2009W


3.5.2009


Arts 102 UCSB


Multi-Layer Composite Project





Amanda Appel
This image was created by using an image of neurons to create a mask, and then using the mask to cut out a section from a new image with a predetermined composition. All of the images used were chosen because of their direct or indirect association with the nervous system or thought process that once addressed creates a much more complex image.


Cameron Boulton
In an homage to Baldessari's cutout mask pieces, I have created two symbol-based works. We are symbolic creatures by nature, searching for patterns as a means to bring order to our surrounding chaos. Symbols are like images in the sense that seek to represent--not so much an experience, but perhaps an idea or a concept. Just as the images I have chosen as the backgrounds for my pieces have very definite historical presences and modern connotations, the symbols I have paired them with provided the experiential trigger that brought me to use the images.
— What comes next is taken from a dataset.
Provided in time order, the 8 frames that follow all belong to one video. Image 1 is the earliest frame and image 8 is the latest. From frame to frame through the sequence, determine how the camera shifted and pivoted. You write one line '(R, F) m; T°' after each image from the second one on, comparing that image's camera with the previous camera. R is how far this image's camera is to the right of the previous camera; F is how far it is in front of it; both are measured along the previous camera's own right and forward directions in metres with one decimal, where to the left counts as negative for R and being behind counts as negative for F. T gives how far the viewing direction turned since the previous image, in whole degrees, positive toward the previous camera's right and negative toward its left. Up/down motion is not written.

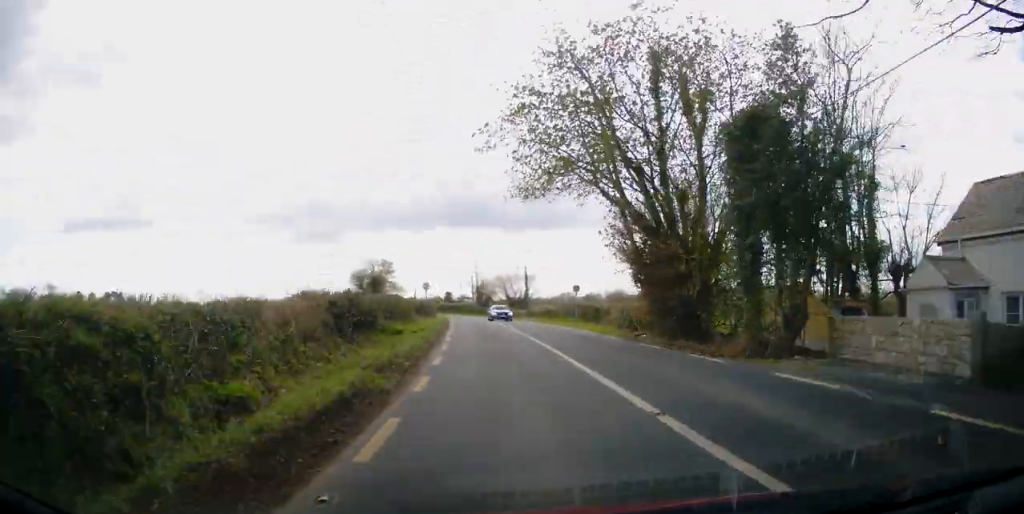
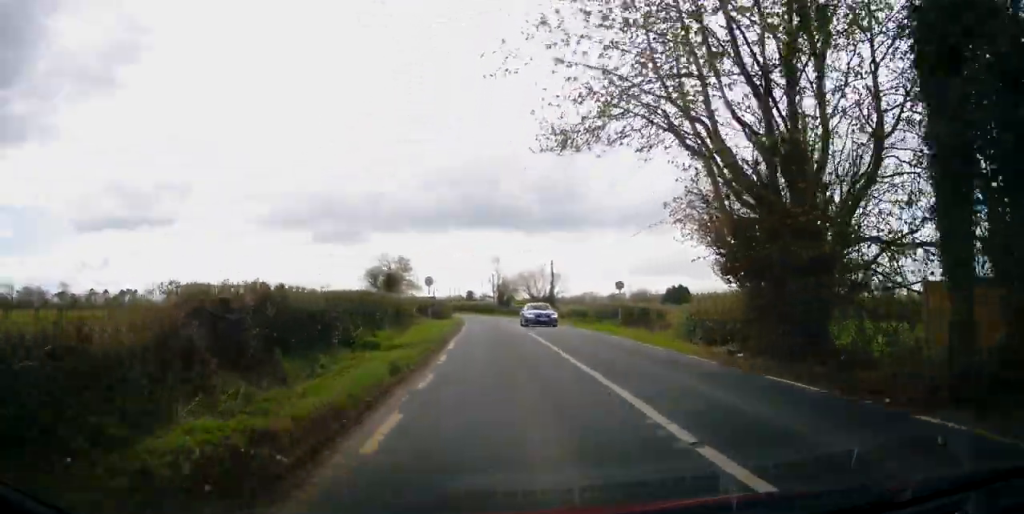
(-0.1, +7.3) m; -2°
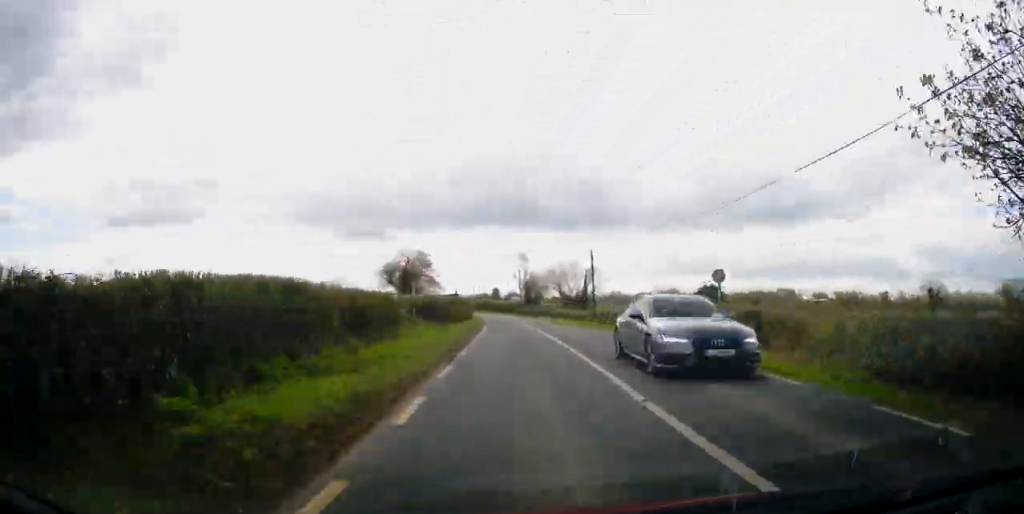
(-0.3, +10.4) m; -2°
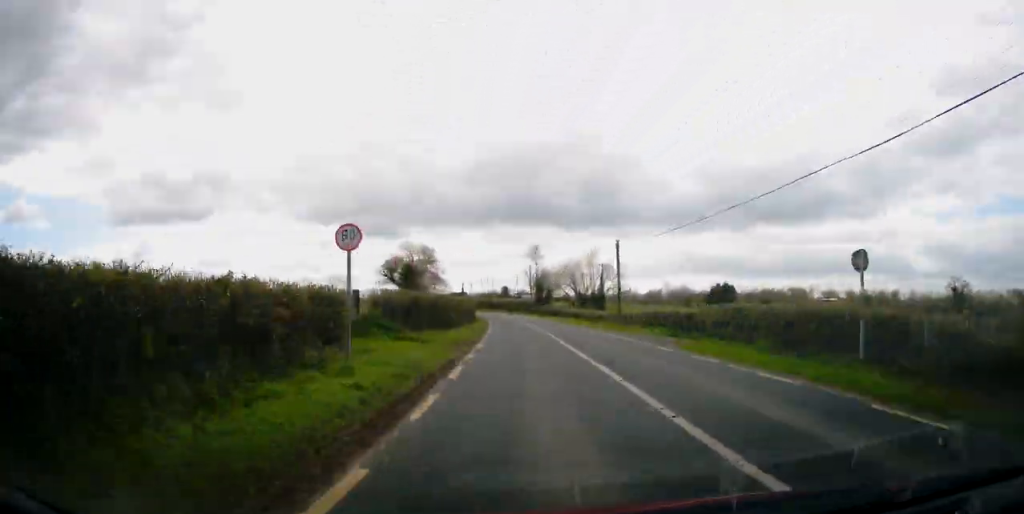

In other words, as I was searching for images the peace symbol brought to mind, almost immediately the image of Tiananmen Square which I first saw on the cover of a magazine (I think TIME?) when I was young. The hammer & the sickle immediately makes me think communism, red, USSR, Russia, Stalin, the Cold War, etc. I thought the power of symbol and the image combined would produce an interesting mental pairing and subsequently I tried to compose them in an interesting way as to reach some blurry middle ground of being able to identify the underlying images but also struggling a little in doing so.


Kim Bui
In an attempt to create a Baldessarian-type work, I've created a set of 5 images consisting of 1 original mask of a man on lawn, riding a treadmill-style bicycle and 4 successive masks. By juxtaposing the machismo and nonsensical aspects of the original image against the following 4, I've attempted to contradict the base mask with images of femininity and childhood. By using images of a carousel, candy hearts, sunflowers, and a teacup, I imagined that these simple pleasures of a typical young girl are an oxymoron to the lifestyle of today's mindless entertainment as seen on reality television to the likes of Johnny Knoxville and Bam Margera.


MC
This project stemmed from an image of young kids in IV, which always throws me when I see it. For a place that is so uncensored, it seems unnatural for kids to be here. Following that idea, I remembered a story about a man who roamed the streets of IV recently, looking in the windows of houses and taking pictures of girls for his own pleasure. Voyeurism is a subject that comes up often in the art world, which I realize, but this is an expression of that subject that I hadn't explored before. In imagery depicting pedophilia, whether it be motion picture or still images, the perspective is often that of the "predator." By cutting the image of the children playing in the park into the shape of a man lurking in the shadows, I took something completely innocent and turned it into an amber alert warning advertisement. I like the controversy when it is executed creatively. Also, to emphasize the non-rectangular shape of the image and to give it some dimention, I added a drop shadow behind the cut-out.


Christopher Faderan
The first image is titled Hope, indicative of the hope that President Obama has brought the American people. The image is outlined by angel wings, while in the the main theme is of a man looking up at Obama's image. This image was madewith simple quick masking techniques.


Paulo Fong
For this particular mask I took an outline of colorful drops in mid-splash with a liquid, and made that my base layer. I then took another existing image of a rocket being launched and felt that the rocket's visual information fit well within the perimeter of the splash mask. The decision of using these shapes and objects is purely to question the idea of boundaries and layer masks in art as well as eliminating the standard rectangle with image manipulating.


Melissa Hebeler
To create this image, I used the shapes of sea animals to embody images of zoo animals to juxtapose the two types of creatures.


Carmel Mays
Walking and standing became a theme last weekend and so that was incorporated into the project. I cut out the image of a high-heel shoe which is the shape where the two other images are placed. An image of baby's feet, that were being held in a hand, were cut out; a sepia like tone was added and the new image was positioned where the feet are normally located. Another image of Marilyn Monroe was sharpen and lightened, bands of red added to her high heels and to the right earring. The heel of the shape was painted red to match the other red in the images and to help move the eye through the composition.


Jana Sepulveda
I wanted a really complex shape to be the base so that I would be able to make interesting compostitions. I chose the rose because it's easily recognizable and because it had a lot of empty space in between. I tried to use the shape for some images you kind of associate a rose with and some that you don't. I tried to keep the center of the rose as the focus for the images and that determined where I placed the images. I also tried to cut the photos a little abstractly so that you really have to look in order to see what it is.